Miles reflected during some moments, then said to himself, "Yes, that is
the thing to do--by any other means it were impossible to get at it--and
certes, this hour's experience has taught me 'twould be most wearing and
inconvenient to continue it as it is. Yes, I will propose it; 'twas a
happy accident that I did not throw the chance away." Then he dropped
upon one knee and said--

"My poor service went not beyond the limit of a subject's simple duty,
and therefore hath no merit; but since your Majesty is pleased to hold it
worthy some reward, I take heart of grace to make petition to this
effect. Near four hundred years ago, as your grace knoweth, there being
ill blood betwixt John, King of England, and the King of France, it was
decreed that two champions should fight together in the lists, and so
settle the dispute by what is called the arbitrament of God. These two
kings, and the Spanish king, being assembled to witness and judge the
conflict, the French champion appeared; but so redoubtable was he, that
our English knights refused to measure weapons with him. So the matter,
which was a weighty one, was like to go against the English monarch by
default. Now in the Tower lay the Lord de Courcy, the mightiest arm in
England, stripped of his honours and possessions, and wasting with long
captivity. Appeal was made to him; he gave assent, and came forth
arrayed for battle; but no sooner did the Frenchman glimpse his huge
frame and hear his famous name but he fled away, and the French king's
cause was lost. King John restored De Courcy's titles and possessions,
and said, 'Name thy wish and thou shalt have it, though it cost me half
my kingdom;' whereat De Courcy, kneeling, as I do now, made answer,
'This, then, I ask, my liege; that I and my successors may have and hold
the privilege of remaining covered in the presence of the kings of
England, henceforth while the throne shall last.' The boon was granted,
as your Majesty knoweth; and there hath been no time, these four hundred
years, that that line has failed of an heir; and so, even unto this day,
the head of that ancient house still weareth his hat or helm before the
King's Majesty, without let or hindrance, and this none other may do. {3}
Invoking this precedent in aid of my prayer, I beseech the King to grant
to me but this one grace and privilege--to my more than sufficient
reward--and none other, to wit: that I and my heirs, for ever, may SIT
in the presence of the Majesty of England!"

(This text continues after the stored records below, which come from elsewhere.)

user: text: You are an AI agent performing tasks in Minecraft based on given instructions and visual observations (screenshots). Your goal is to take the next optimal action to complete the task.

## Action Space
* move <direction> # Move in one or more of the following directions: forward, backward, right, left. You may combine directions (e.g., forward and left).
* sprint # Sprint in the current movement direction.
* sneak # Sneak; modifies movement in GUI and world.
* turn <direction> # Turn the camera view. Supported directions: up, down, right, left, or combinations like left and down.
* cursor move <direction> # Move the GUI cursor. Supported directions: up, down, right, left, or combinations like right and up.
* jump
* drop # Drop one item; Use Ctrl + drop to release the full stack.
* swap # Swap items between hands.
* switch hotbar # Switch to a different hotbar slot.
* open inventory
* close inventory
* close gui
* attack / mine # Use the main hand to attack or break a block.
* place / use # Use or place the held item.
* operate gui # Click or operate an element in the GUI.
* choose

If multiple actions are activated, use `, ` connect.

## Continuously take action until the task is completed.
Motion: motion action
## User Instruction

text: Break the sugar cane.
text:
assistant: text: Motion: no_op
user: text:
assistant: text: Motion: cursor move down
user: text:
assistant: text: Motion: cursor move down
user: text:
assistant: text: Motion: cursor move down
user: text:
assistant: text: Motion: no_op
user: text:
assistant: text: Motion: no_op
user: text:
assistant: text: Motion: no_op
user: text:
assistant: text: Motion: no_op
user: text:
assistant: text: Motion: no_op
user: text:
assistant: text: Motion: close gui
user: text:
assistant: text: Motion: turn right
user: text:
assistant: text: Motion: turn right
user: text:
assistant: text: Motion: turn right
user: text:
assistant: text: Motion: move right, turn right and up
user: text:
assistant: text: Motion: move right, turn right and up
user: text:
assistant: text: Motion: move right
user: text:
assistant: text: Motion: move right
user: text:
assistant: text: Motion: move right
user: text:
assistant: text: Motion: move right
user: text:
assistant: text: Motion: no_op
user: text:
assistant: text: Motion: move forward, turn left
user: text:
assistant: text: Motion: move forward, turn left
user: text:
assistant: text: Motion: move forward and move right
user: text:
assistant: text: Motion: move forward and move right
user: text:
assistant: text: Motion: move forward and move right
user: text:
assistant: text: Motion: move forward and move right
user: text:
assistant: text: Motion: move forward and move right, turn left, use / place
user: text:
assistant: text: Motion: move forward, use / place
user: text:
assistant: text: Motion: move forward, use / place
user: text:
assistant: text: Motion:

"Rise, Sir Miles Hendon, Knight," said the King, gravely--giving the
accolade with Hendon's sword--"rise, and seat thyself. Thy petition is
granted. Whilst England remains, and the crown continues, the privilege
shall not lapse."

His Majesty walked apart, musing, and Hendon dropped into a chair at
table, observing to himself, "'Twas a brave thought, and hath wrought me
a mighty deliverance; my legs are grievously wearied. An I had not
thought of that, I must have had to stand for weeks, till my poor lad's
wits are cured." After a little, he went on, "And so I am become a
knight of the Kingdom of Dreams and Shadows! A most odd and strange
position, truly, for one so matter-of-fact as I. I will not laugh--no,
God forbid, for this thing which is so substanceless to me is REAL to
him. And to me, also, in one way, it is not a falsity, for it reflects
with truth the sweet and generous spirit that is in him." After a pause:
"Ah, what if he should call me by my fine title before folk!--there'd be
a merry contrast betwixt my glory and my raiment! But no matter, let him
call me what he will, so it please him; I shall be content."